# SUPPLIED MATERIAL
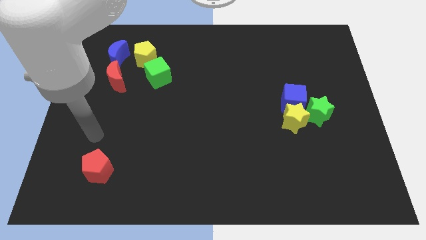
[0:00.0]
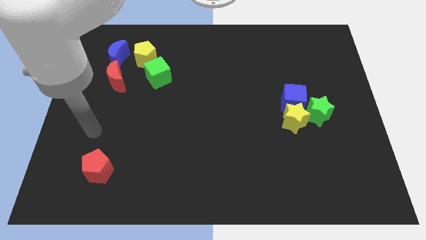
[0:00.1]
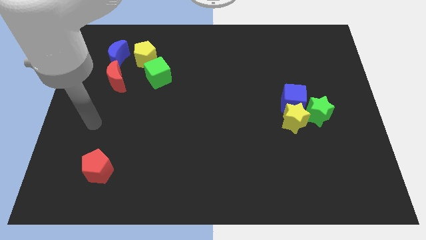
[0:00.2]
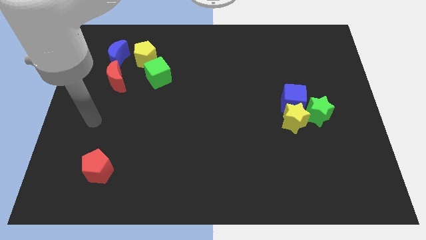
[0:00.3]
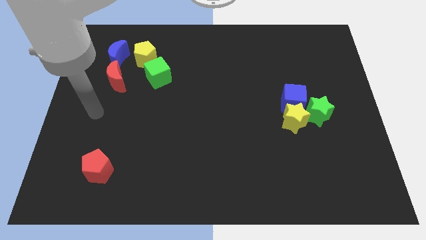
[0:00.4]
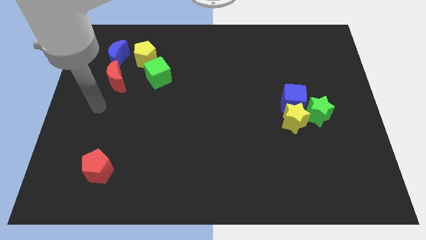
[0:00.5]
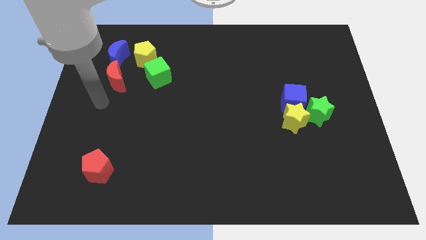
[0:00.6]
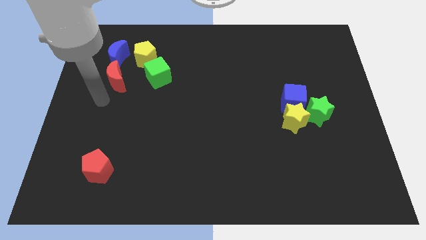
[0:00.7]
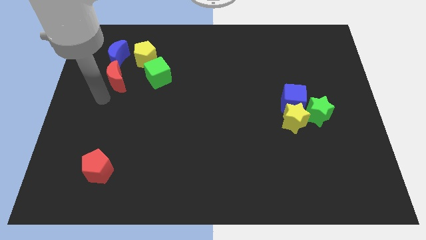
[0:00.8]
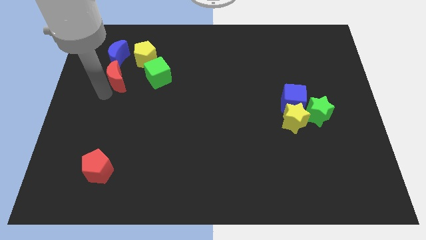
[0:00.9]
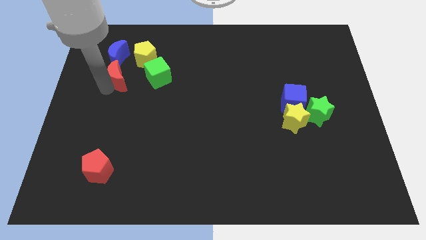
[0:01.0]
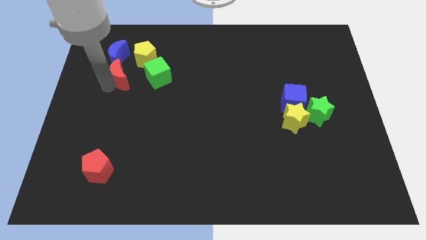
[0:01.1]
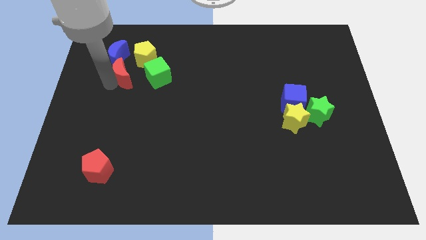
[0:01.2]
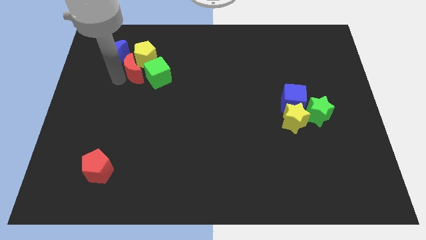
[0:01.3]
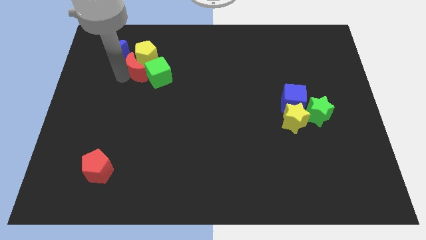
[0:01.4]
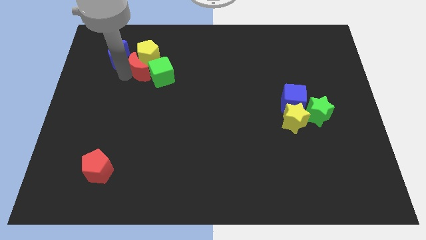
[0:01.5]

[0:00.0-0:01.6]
move the red moon to the yellow pentagon
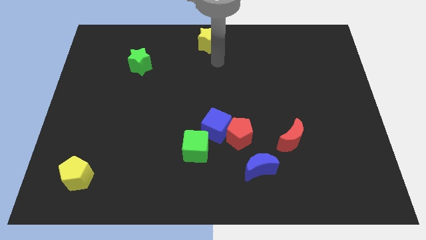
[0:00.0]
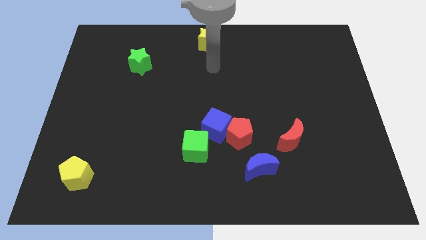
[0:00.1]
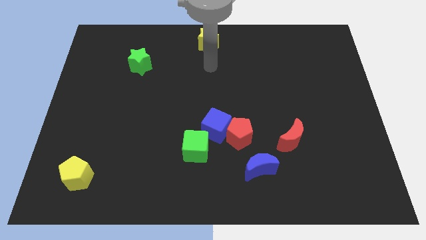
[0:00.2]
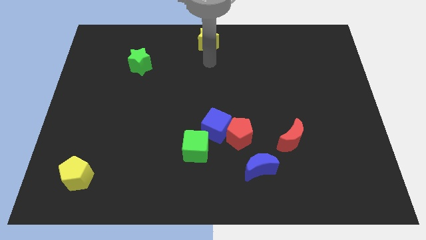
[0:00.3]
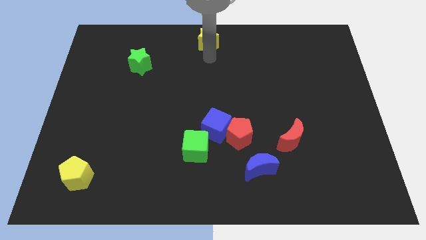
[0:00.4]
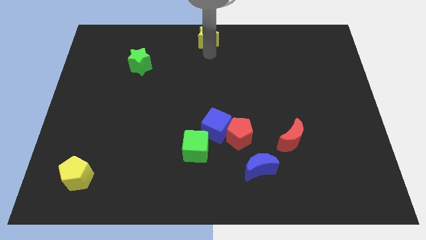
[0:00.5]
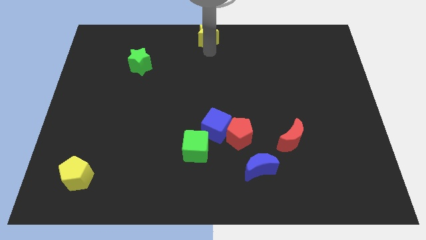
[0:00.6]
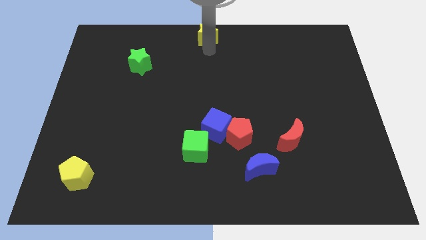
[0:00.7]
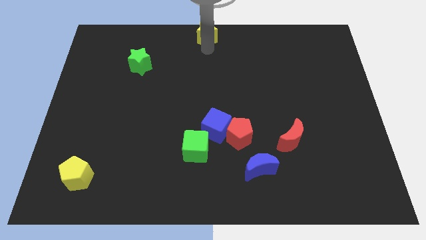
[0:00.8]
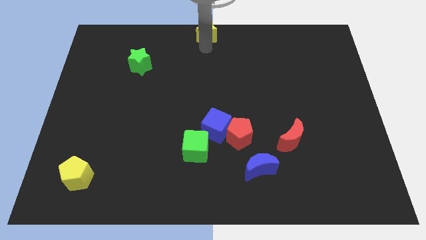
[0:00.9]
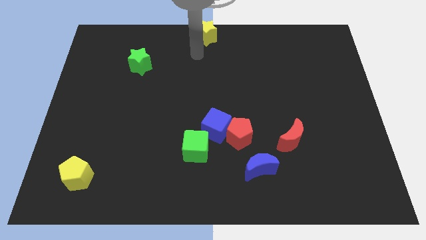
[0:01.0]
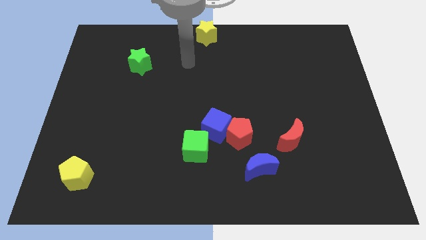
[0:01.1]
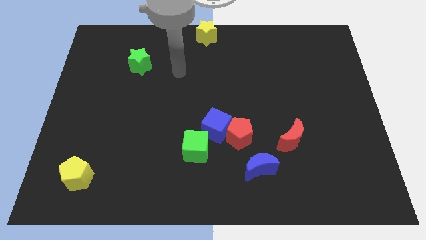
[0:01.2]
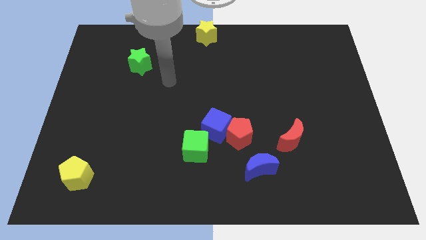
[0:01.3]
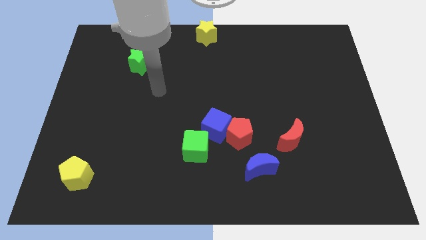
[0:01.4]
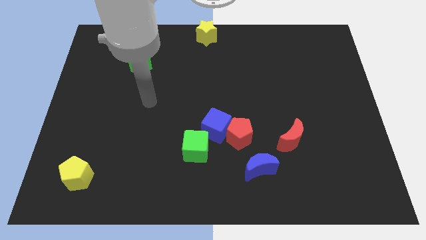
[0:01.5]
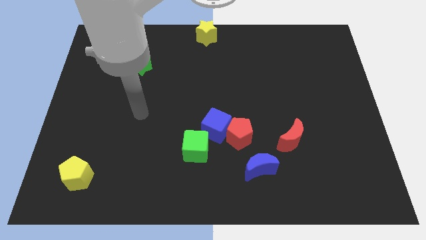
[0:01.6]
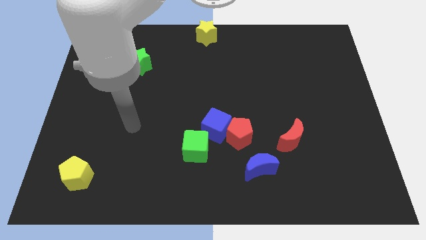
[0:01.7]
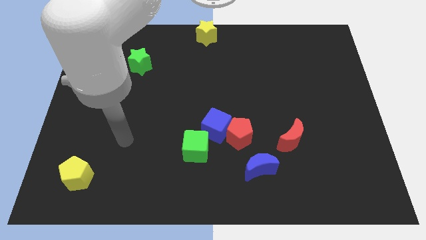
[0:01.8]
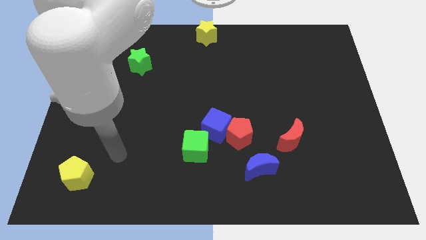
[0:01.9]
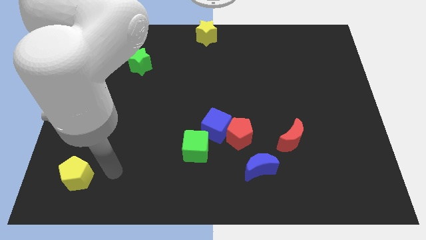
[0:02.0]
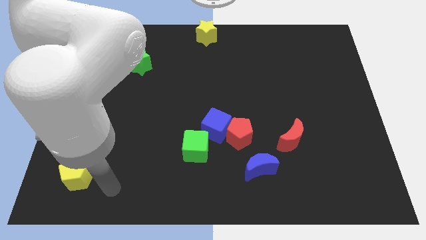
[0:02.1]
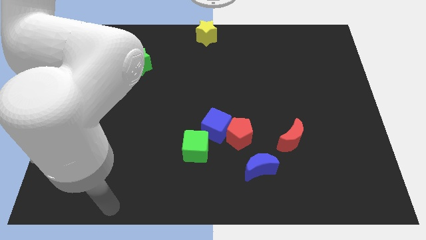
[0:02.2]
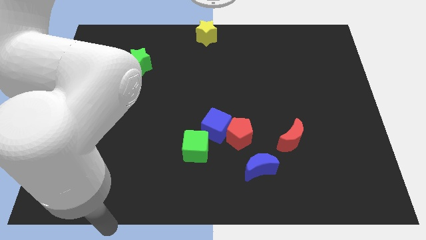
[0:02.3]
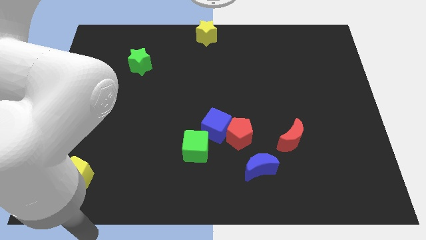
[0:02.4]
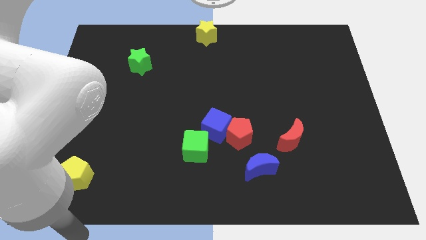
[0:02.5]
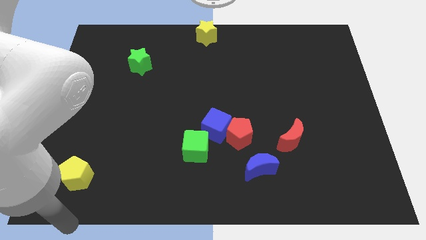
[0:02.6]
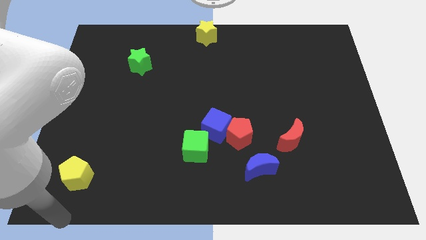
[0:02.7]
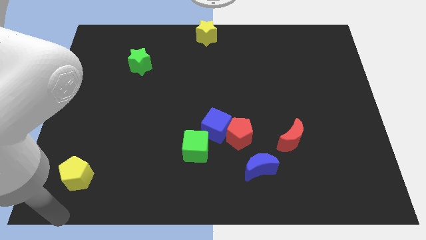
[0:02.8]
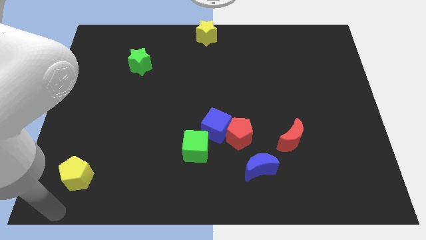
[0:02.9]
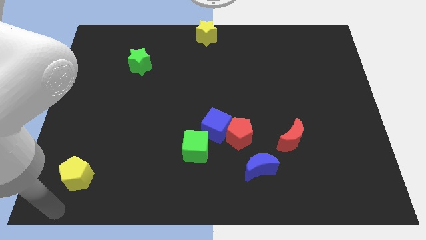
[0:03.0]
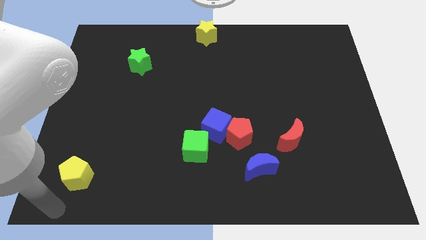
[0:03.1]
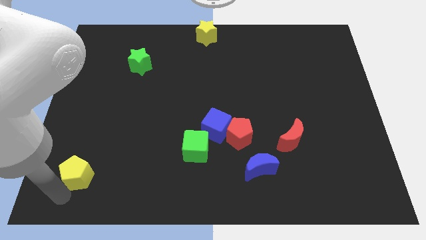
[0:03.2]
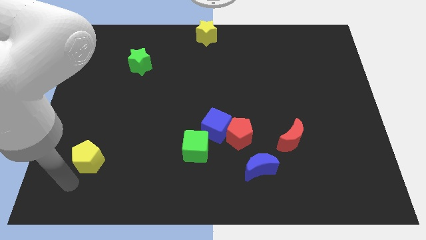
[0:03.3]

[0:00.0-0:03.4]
place the yellow pentagon towards center

# PROBLEM DETAILS
All of the entries above should be duplicated exactly, except for the pictures.

# ANSWER TO THIS PROBLEM
[0:00.0]
[0:00.1]
[0:00.2]
[0:00.3]
[0:00.4]
[0:00.5]
[0:00.6]
[0:00.7]
[0:00.8]
[0:00.9]
[0:01.0]
[0:01.1]
[0:01.2]
[0:01.3]
[0:01.4]
[0:01.5]

[0:00.0-0:01.6]
move the red moon to the yellow pentagon
[0:00.0]
[0:00.1]
[0:00.2]
[0:00.3]
[0:00.4]
[0:00.5]
[0:00.6]
[0:00.7]
[0:00.8]
[0:00.9]
[0:01.0]
[0:01.1]
[0:01.2]
[0:01.3]
[0:01.4]
[0:01.5]
[0:01.6]
[0:01.7]
[0:01.8]
[0:01.9]
[0:02.0]
[0:02.1]
[0:02.2]
[0:02.3]
[0:02.4]
[0:02.5]
[0:02.6]
[0:02.7]
[0:02.8]
[0:02.9]
[0:03.0]
[0:03.1]
[0:03.2]
[0:03.3]

[0:00.0-0:03.4]
place the yellow pentagon towards center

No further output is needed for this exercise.